> _WORK ORDER_
In your copy of the entries below, keep every word exactly and leave out all images.

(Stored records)
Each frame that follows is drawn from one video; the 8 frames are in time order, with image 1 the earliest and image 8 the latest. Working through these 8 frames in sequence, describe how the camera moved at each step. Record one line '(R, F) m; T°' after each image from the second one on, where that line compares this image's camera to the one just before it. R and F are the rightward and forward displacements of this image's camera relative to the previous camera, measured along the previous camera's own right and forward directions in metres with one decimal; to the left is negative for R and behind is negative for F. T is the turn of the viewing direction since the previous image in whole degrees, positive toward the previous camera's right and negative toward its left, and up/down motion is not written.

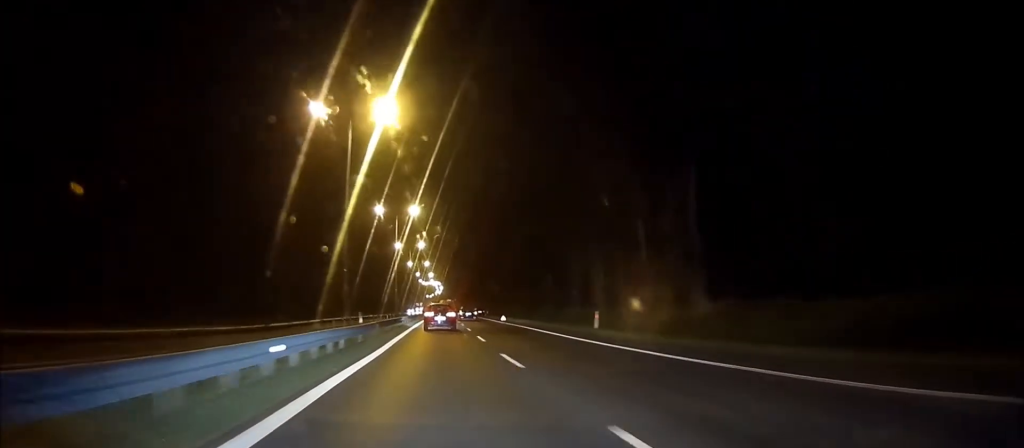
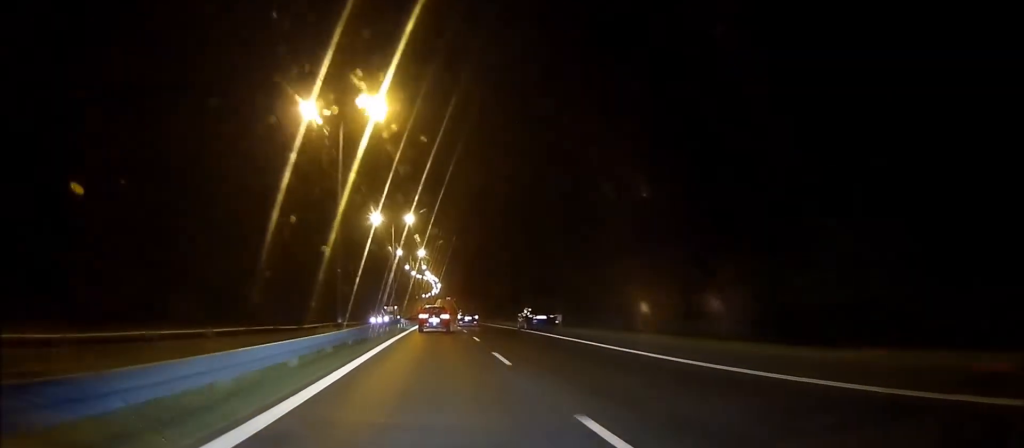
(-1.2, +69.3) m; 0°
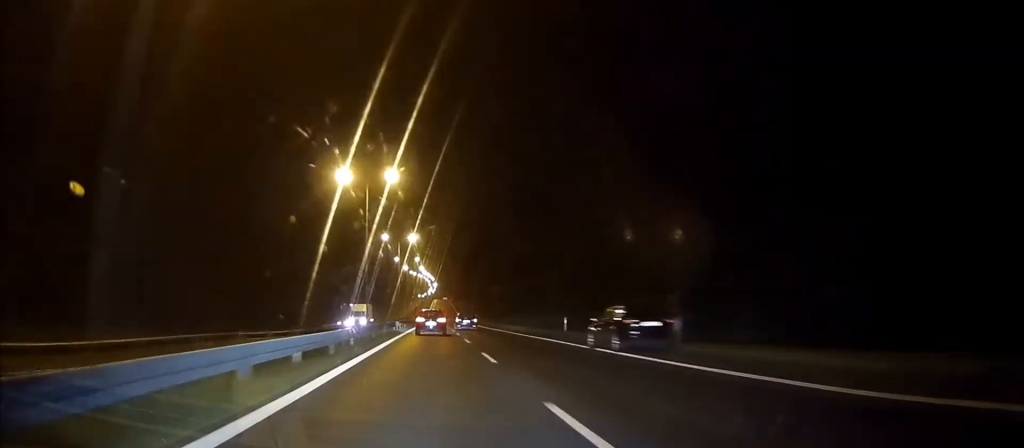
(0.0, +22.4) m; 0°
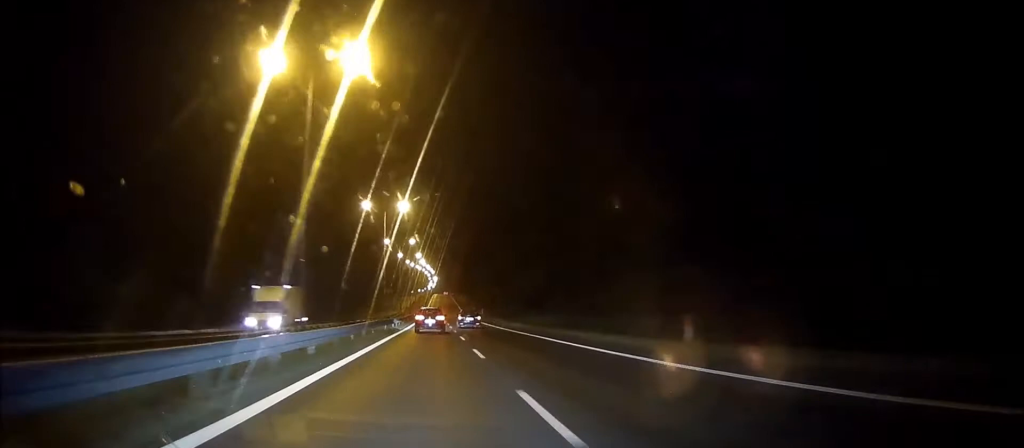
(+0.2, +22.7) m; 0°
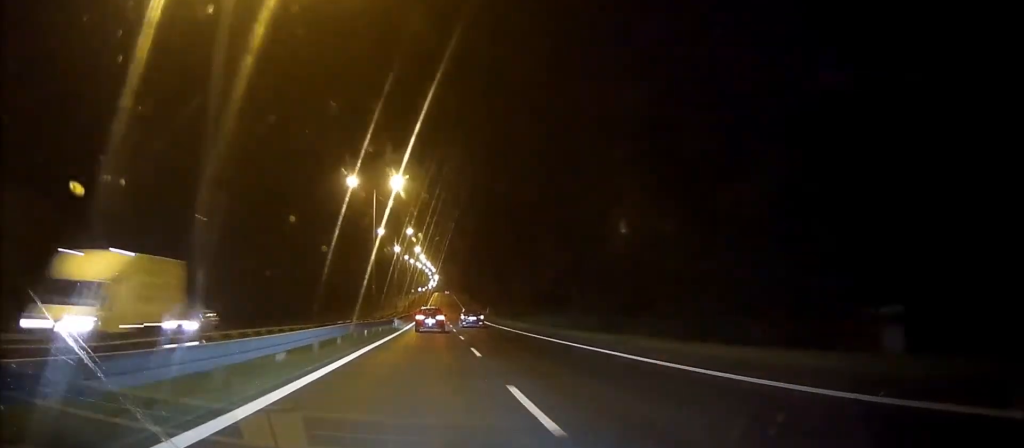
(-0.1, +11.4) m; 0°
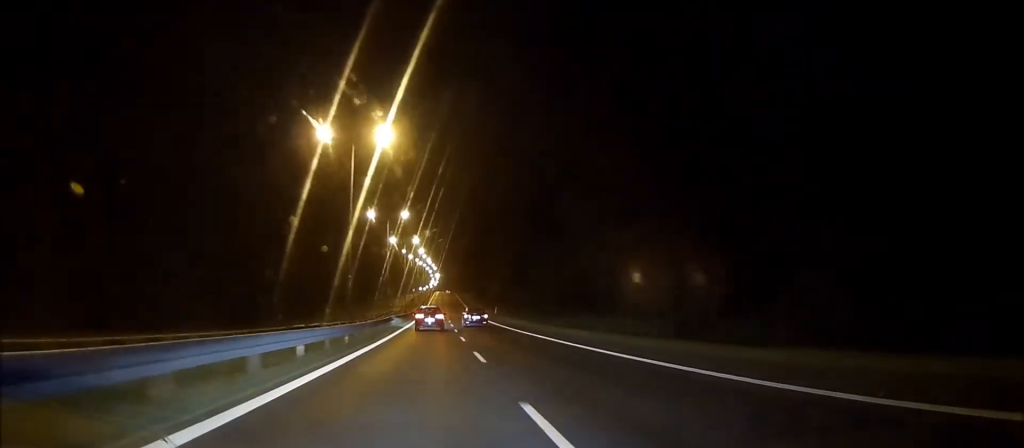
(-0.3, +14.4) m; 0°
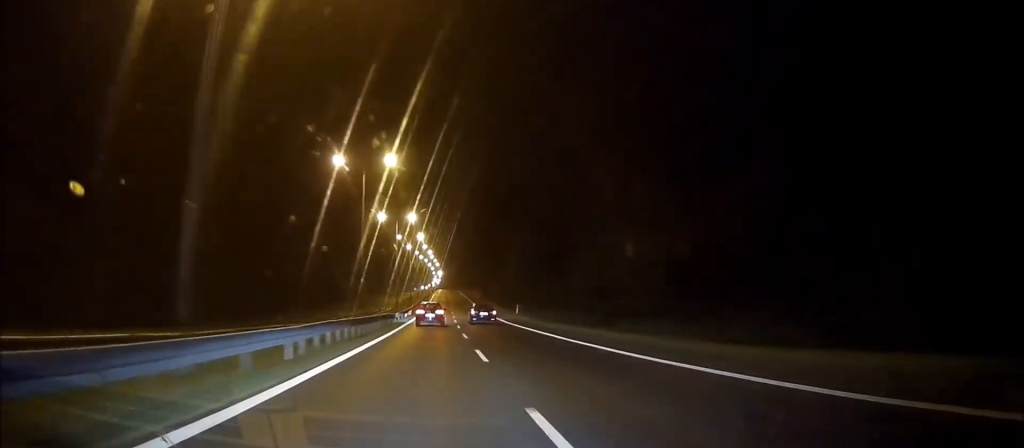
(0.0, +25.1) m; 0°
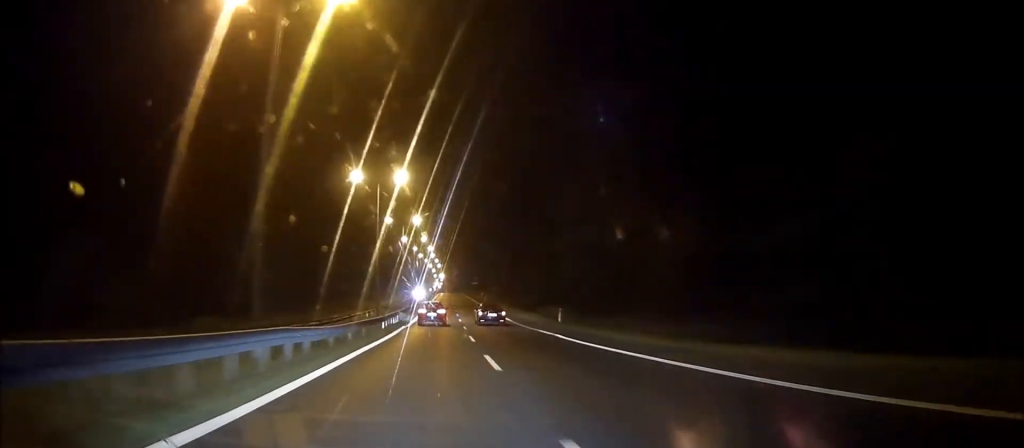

> _WRITTEN SOLUTION_
Each frame that follows is drawn from one video; the 8 frames are in time order, with image 1 the earliest and image 8 the latest. Working through these 8 frames in sequence, describe how the camera moved at each step. Record one line '(R, F) m; T°' after each image from the second one on, where that line compares this image's camera to the one just before it. R and F are the rightward and forward displacements of this image's camera relative to the previous camera, measured along the previous camera's own right and forward directions in metres with one decimal; to the left is negative for R and behind is negative for F. T is the turn of the viewing direction since the previous image in whole degrees, positive toward the previous camera's right and negative toward its left, and up/down motion is not written.

(-1.2, +69.3) m; 0°
(0.0, +22.4) m; 0°
(+0.2, +22.7) m; 0°
(-0.1, +11.4) m; 0°
(-0.3, +14.4) m; 0°
(0.0, +25.1) m; 0°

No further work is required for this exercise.